UANG KOIN 2 RUPIAH EMISI 1970 (06.971)
No. Inv. : 06.971
Koin 2 Rupiah merupakan uang logam yang diterbitkan oleh Bank Indonesia pada tahun 1970. Secara fisik, koin ini berbentuk bulat pipih dengan tepi rata (tanpa gerigi). Bahan pembuatannya adalah aluminium sehingga berwarna putih keperakan dan memiliki bobot yang relatif ringan. Diameter koin sekitar 26 mm dengan berat kurang lebih 2 gram. Relief tulisan dan gambar dicetak menonjol dari permukaan dasar koin.
Pada sisi muka (obverse), tertera tulisan “BANK INDONESIA” yang melingkar mengikuti tepian bagian atas. Di bagian tengah terdapat angka nominal besar “2”. Pada bagian bawah tercantum tulisan “RUPIAH” dan angka tahun “1970” sebagai penanda tahun emisi. Dua ornamen berbentuk bintang kecil ditempatkan di kiri dan kanan bagian bawah sebagai elemen dekoratif. Sementara itu, pada sisi belakang (reverse) tercantum tulisan “Rp” dan angka “2” dalam ukuran besar yang dikelilingi hiasan motif flora berupa rangkaian bunga dan daun yang tersusun melengkung mengikuti bidang koin. Motif tersebut menjadi ciri artistik uang logam Indonesia pada periode awal Orde Baru.
Koin ini mulai diedarkan pada tahun 1970 sebagai bagian dari seri pecahan kecil yang berfungsi mendukung transaksi ekonomi bernilai rendah pada masa itu. Pada awal dekade 1970-an, pecahan 2 rupiah masih memiliki daya beli yang relevan dalam transaksi harian masyarakat, seperti pembelian makanan ringan, ongkos transportasi jarak dekat, dan kebutuhan kecil lainnya.
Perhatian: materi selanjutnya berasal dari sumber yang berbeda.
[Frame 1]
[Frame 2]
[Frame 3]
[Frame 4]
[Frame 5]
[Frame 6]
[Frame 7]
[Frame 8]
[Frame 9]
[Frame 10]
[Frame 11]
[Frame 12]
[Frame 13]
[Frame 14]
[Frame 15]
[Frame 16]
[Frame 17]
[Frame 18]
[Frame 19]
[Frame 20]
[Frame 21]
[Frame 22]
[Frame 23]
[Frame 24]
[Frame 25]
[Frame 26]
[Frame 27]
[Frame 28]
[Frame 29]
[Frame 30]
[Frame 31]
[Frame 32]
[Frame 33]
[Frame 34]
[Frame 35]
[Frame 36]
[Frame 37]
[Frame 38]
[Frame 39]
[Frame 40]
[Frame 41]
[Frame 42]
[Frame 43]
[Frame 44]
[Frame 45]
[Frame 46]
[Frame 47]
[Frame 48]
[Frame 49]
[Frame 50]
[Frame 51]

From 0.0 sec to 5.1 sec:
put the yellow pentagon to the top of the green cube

Penerbitan uang logam ini dilakukan dalam rangka penataan sistem moneter nasional pasca-stabilisasi ekonomi akhir 1960-an.
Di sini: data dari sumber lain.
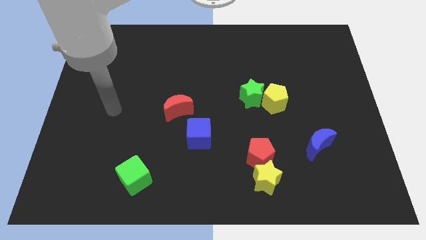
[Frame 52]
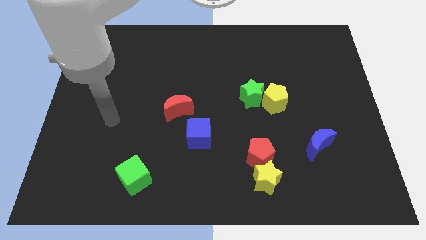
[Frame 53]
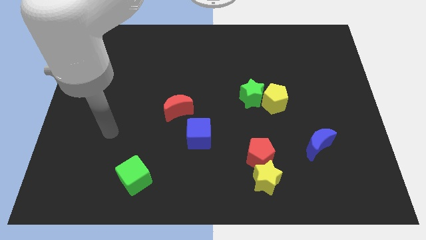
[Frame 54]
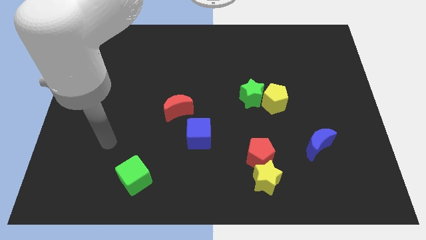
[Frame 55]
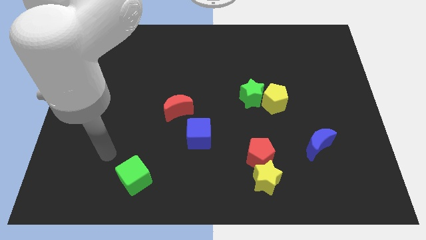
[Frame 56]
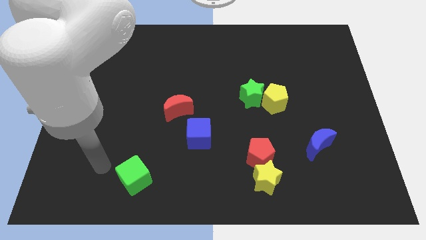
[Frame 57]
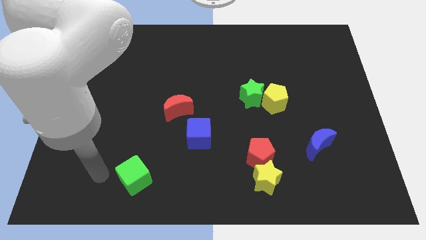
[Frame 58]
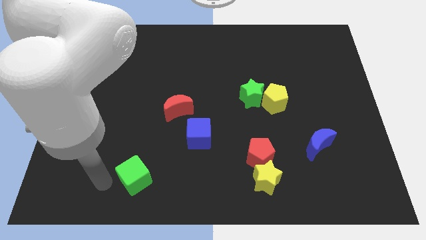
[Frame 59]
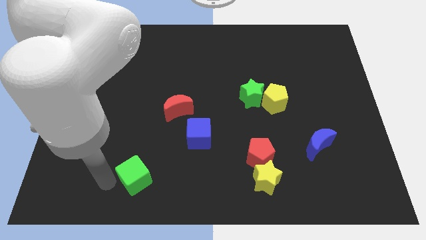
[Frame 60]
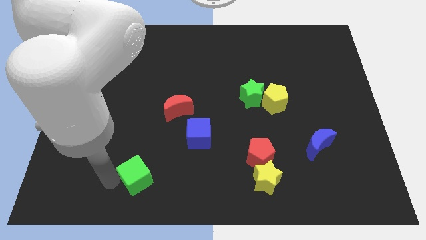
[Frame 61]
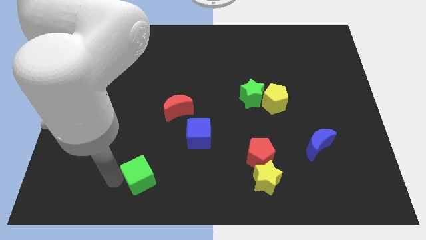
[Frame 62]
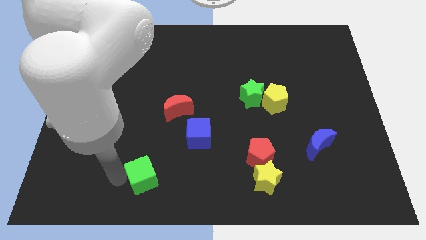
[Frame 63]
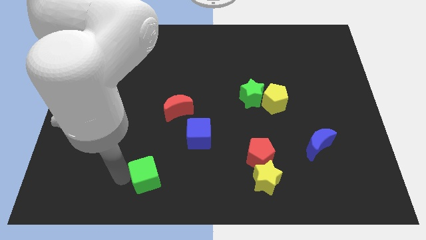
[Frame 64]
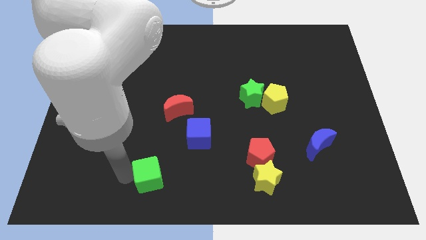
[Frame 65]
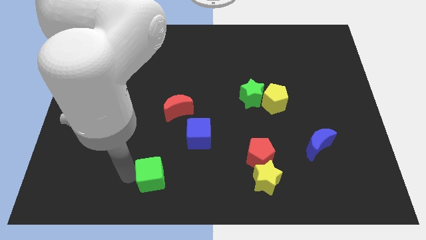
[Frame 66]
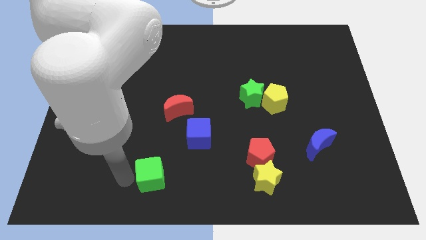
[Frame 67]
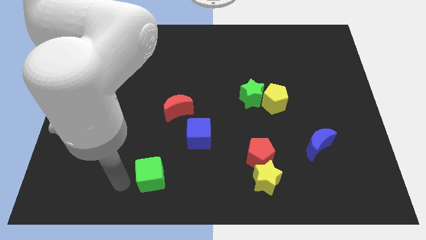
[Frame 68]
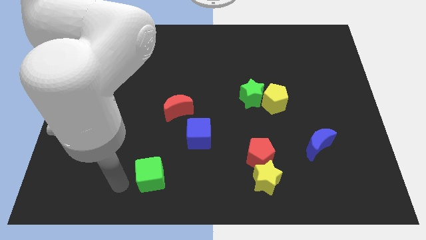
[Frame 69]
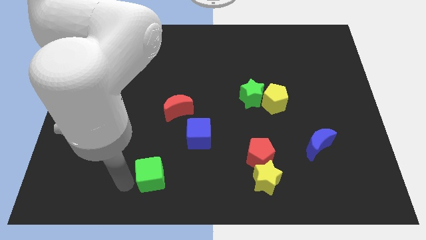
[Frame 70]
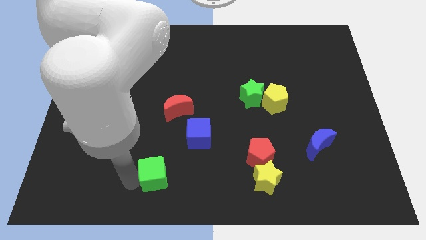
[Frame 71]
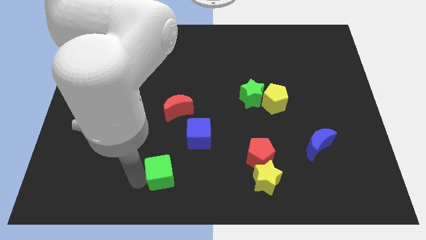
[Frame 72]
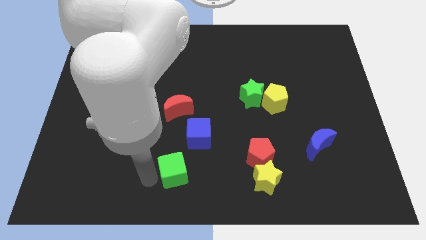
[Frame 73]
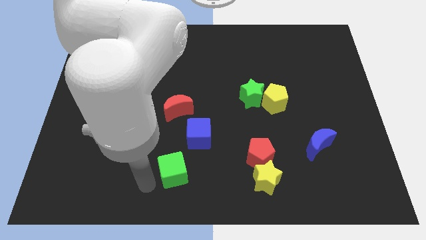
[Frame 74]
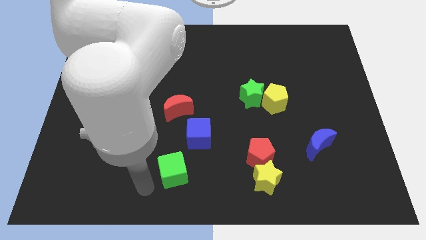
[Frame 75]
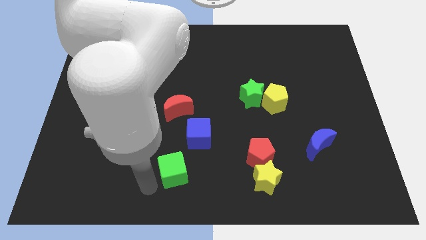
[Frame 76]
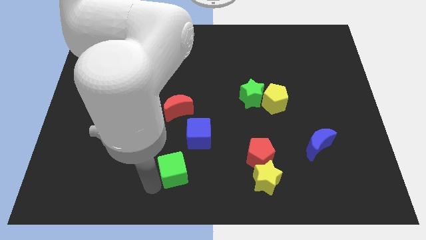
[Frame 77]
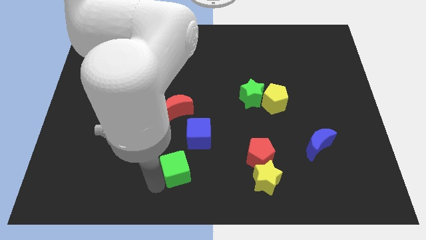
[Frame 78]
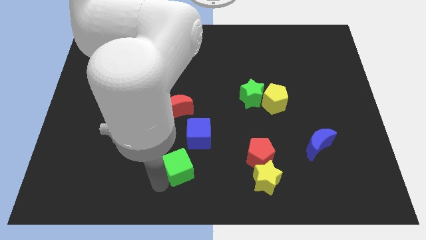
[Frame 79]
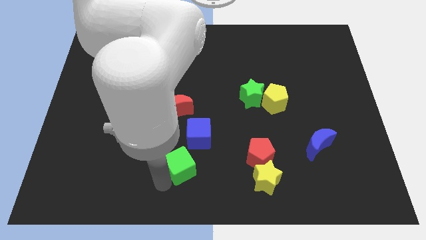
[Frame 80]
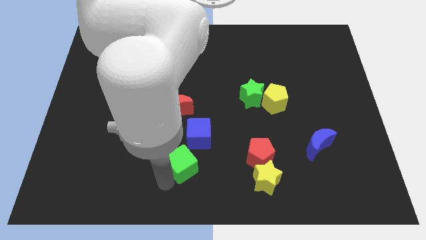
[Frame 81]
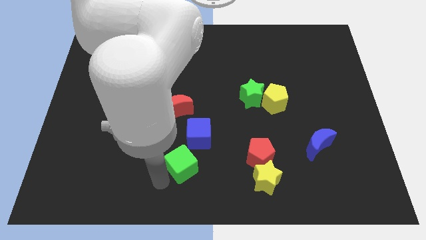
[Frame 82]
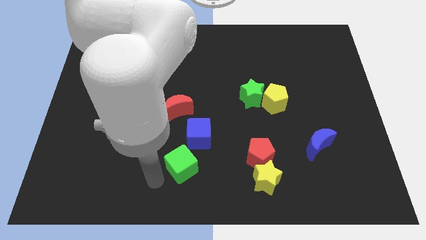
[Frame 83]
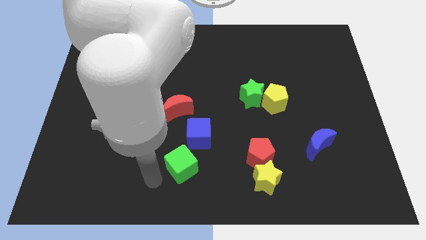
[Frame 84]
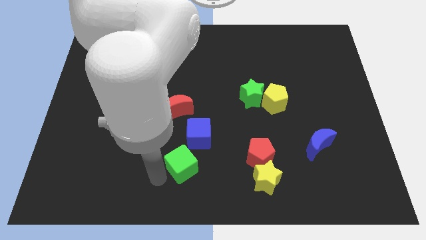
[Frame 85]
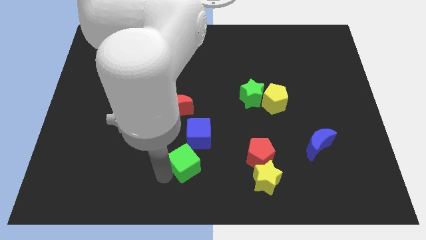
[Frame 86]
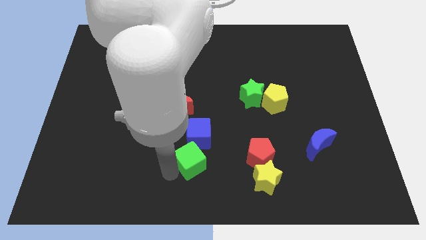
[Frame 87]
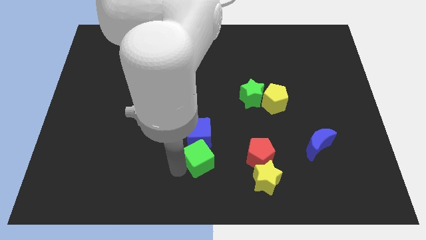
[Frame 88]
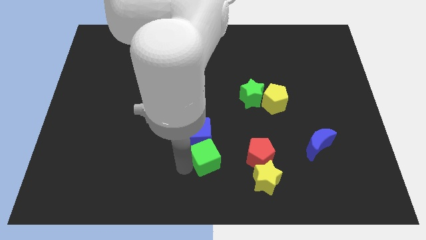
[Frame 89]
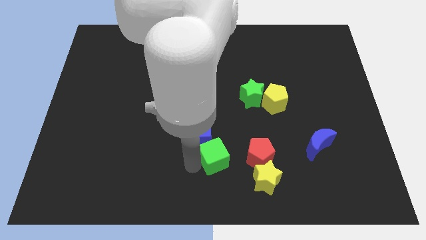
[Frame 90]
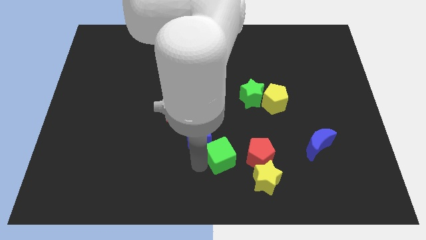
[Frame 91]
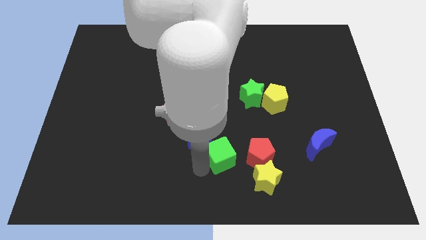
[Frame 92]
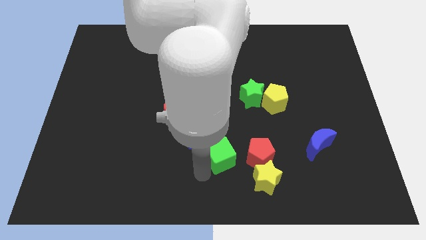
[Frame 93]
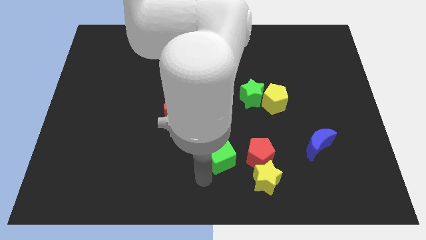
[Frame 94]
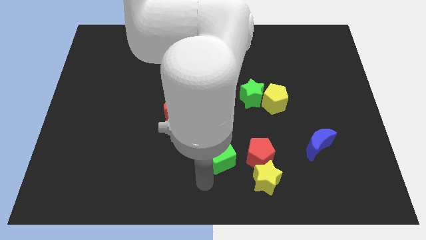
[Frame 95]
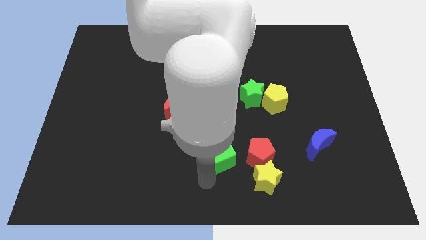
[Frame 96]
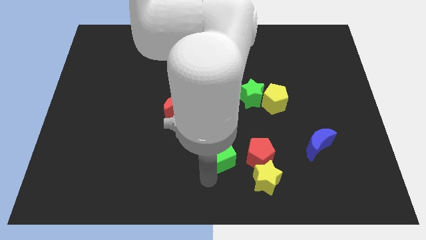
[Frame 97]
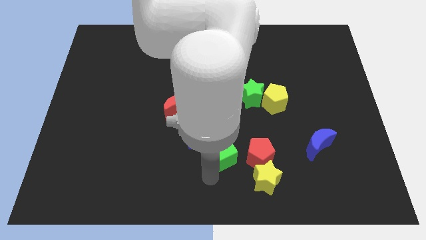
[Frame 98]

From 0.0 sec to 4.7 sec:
put the green cube right of the blue cube

Seiring meningkatnya laju inflasi dan perubahan nilai riil rupiah, pecahan 2 rupiah secara bertahap kehilangan fungsi praktisnya dalam transaksi. Berdasarkan pengumuman resmi Bank Indonesia, uang logam emisi lama termasuk pecahan 2 rupiah tahun 1970 kemudian dicabut dan ditarik dari peredaran serta dinyatakan tidak berlaku sebagai alat pembayaran yang sah pada tanggal 15 November 1996. Setelah masa penarikan tersebut berakhir, koin ini tidak lagi memiliki fungsi sebagai alat tukar, melainkan beralih menjadi objek koleksi numismatik dan sumber kajian sejarah moneter Indonesia.